Years of neglect, financial mismanagement, poor oversight, and distorted priorities have created a slow-building disaster. In 2017, an investigation by the New York Times revealed in stark terms “how the needs of the aging, overburdened system have grown while city and state politicians have consistently steered money away from addressing them.” The same year, cascading crises of overcrowding, chronic delays, and derailments led Governor Cuomo, who controls the Metropolitan Transit Authority and rarely rides the subway, to declare a “state of emergency.”
We’re at a similar juncture on our streets. Over the past century, the dominance of the privately-owned automobile gobbled up ever more public space in our city, leading to pollution, congestion, and deadly crashes.
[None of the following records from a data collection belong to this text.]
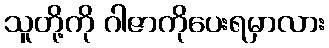
သူတို့ကို ဂါဇာကိုပေးရမှာလား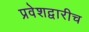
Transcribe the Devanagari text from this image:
प्रवेशद्वारीच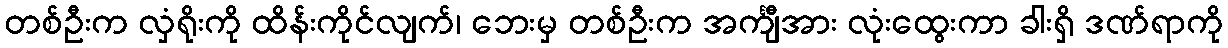
တစ်ဦးက လှံရိုးကို ထိန်းကိုင်လျက်၊ ဘေးမှ တစ်ဦးက အင်္ကျီအား လုံးထွေးကာ ခါးရှိ ဒဏ်ရာကို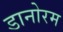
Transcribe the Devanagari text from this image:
डानोरम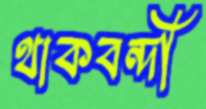
থাকবন্দী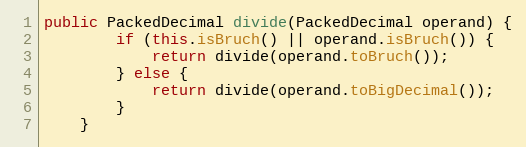
Language: Java
public PackedDecimal divide(PackedDecimal operand) {
        if (this.isBruch() || operand.isBruch()) {
            return divide(operand.toBruch());
        } else {
            return divide(operand.toBigDecimal());
        }
    }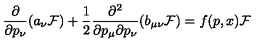
\frac { \partial } { \partial p _ { \nu } } ( a _ { \nu } { \cal F } ) + \frac { 1 } { 2 } \frac { \partial ^ { 2 } } { \partial p _ { \mu } \partial p _ { \nu } } ( b _ { \mu \nu } { \cal F } ) = f ( p , x ) { \cal F }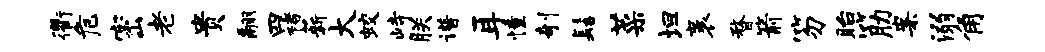
衢危密老贵翮四褚薪大蛟峙朕谱耳憧剞髻菜坦袤瞀箭笏眙筋案溺角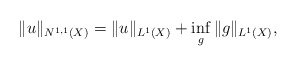
\begin{align*}\Vert u\Vert_{N^{1,1}(X)}=\Vert u\Vert_{L^1(X)}+\inf_g\Vert g\Vert_{L^1(X)},\end{align*}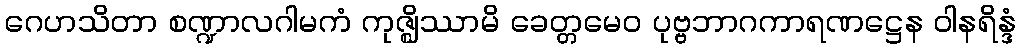
ဂေဟသိတာ စဏ္ဍာလဂါမကံ ကုဇ္ဈိဿာမိ ခေတ္တမေဝ ပုဗ္ဗဘာဂကာရဏဋ္ဌေန ဝါနရိန္ဒံ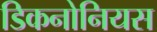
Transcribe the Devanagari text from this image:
डिकनोनियस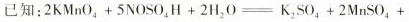
已知：2KMnO_{4}+5NOSO_{4}H+2H_{2}O=K_{2}SO_{4}+2MnSO_{4}+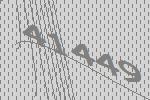
41449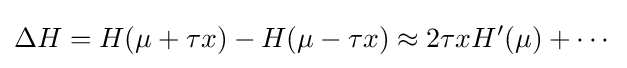
\Delta H=H(\mu +\tau x)-H(\mu -\tau x)\approx 2\tau xH'(\mu )+\cdots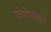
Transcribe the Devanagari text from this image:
एटेपोसाइड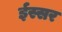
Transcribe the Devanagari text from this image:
ईस्सर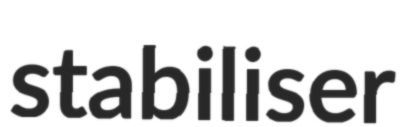
stabiliser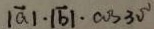
\vert \overrightarrow { a } \vert \cdot \vert \overrightarrow { b } \vert \cdot \cos 3 0 ^ { \circ }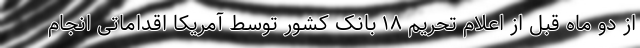
از دو ماه قبل از اعلام تحریم ۱۸ بانک کشور توسط آمریکا اقداماتی انجام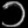
Digit: ၁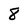
Character: 8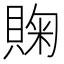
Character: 𰷈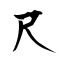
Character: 尺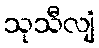
သုသီလျံ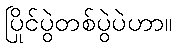
ပြိုင်ပွဲတစ်ပွဲပဲဟာ။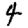
Digit: 4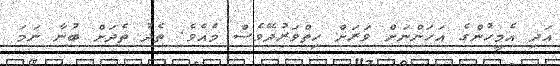
އަދި އެމީހުންގެ އަހަންނަށް ވަރަށް ހިތްވަރުދޭވެސް މެއެވެ. ތެދު ތެދަށް ބުނާ ނަމަ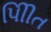
પીિીત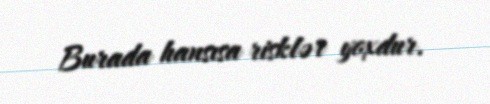
Burada hansısa risklər yoxdur.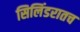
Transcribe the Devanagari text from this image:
सिलिंडरातच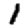
Digit: 1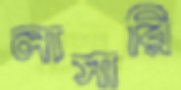
লাসারি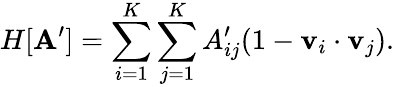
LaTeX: H[\mathbf{A}^{\prime}]=\sum_{i=1}^{K}\sum_{j=1}^{K}A_{ij}^{\prime}(1-\mathbf{v}_{i}\cdot\mathbf{v}_{j}).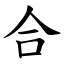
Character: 合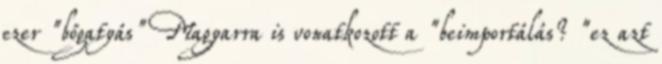
ezer "bőgatyás" Magyarra is vonatkozott a "beimportálás? "ez azt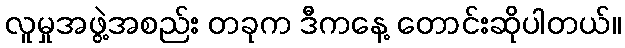
လူမှုအဖွဲ့အစည်း တခုက ဒီကနေ့ တောင်းဆိုပါတယ်။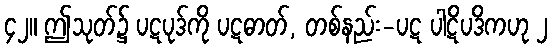
၄၂။ ဤသုတ်၌ ပဋပုဒ်ကို ပဋဓာတ်, တစ်နည်း-ပဋ ပါဋိပဒိကဟု ၂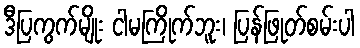
ဒီပြကွက်မျိုး ငါမကြိုက်ဘူး၊ ပြန်ဖြုတ်စမ်းပါ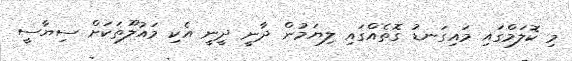
މި ކޮލަމްގައި މައިގަނޑު ގޮތެއްގައި ލިޔަމުން ދާނީ ދީނީ އެކި މައުލޫތަކަށް ސިޔާސީ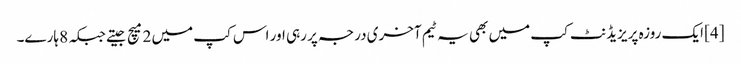
[4] ایک روزہ پریزیڈنٹ کپ میں بھی یہ ٹیم آخری درجہ پر رہی اور اس کپ میں 2 میچ جیتے جبکہ 8 ہارے۔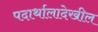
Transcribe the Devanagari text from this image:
पदार्थालादेखील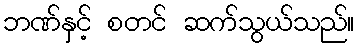
ဘဏ်နှင့် စတင် ဆက်သွယ်သည်။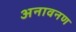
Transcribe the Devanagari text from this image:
अनावनण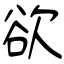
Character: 欲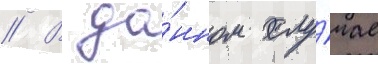
// В да́нном слу́чае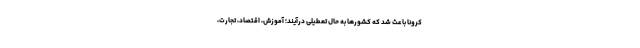
کرونا باعث شد که کشورها به حال تعطیلی درآیند؛ آموزش، اقتصاد، تجارت،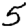
Digit: 5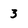
Character: 3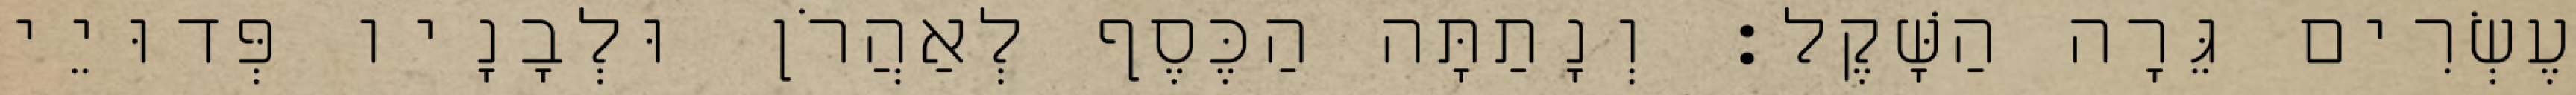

Despite laudable efforts like Vision Zero, the introduction of CitiBike, and the slow but steady expansion of protected bike lanes, 2019 has been the deadliest year for cyclists in two decades–at the very moment when the climate crisis demands more people make green transportation choices.
Both above ground and below, there have been some promising developments. After years of cajoling, New York adopted the country’s first congestion pricing plan, which could generate $25 billion in new transportation funding and reduce traffic in Manhattan. City Council Speaker Corey Johnson’s “Master Plan” represents the kind of future visioning we’ll need to break the car culture and build a more livable city. And the transformation of 14th Street into a dedicated bus-way has been a massive success.
We need to set out our priorities, exercise our collective power, and fight for reliable, green public transportation as a basic social right.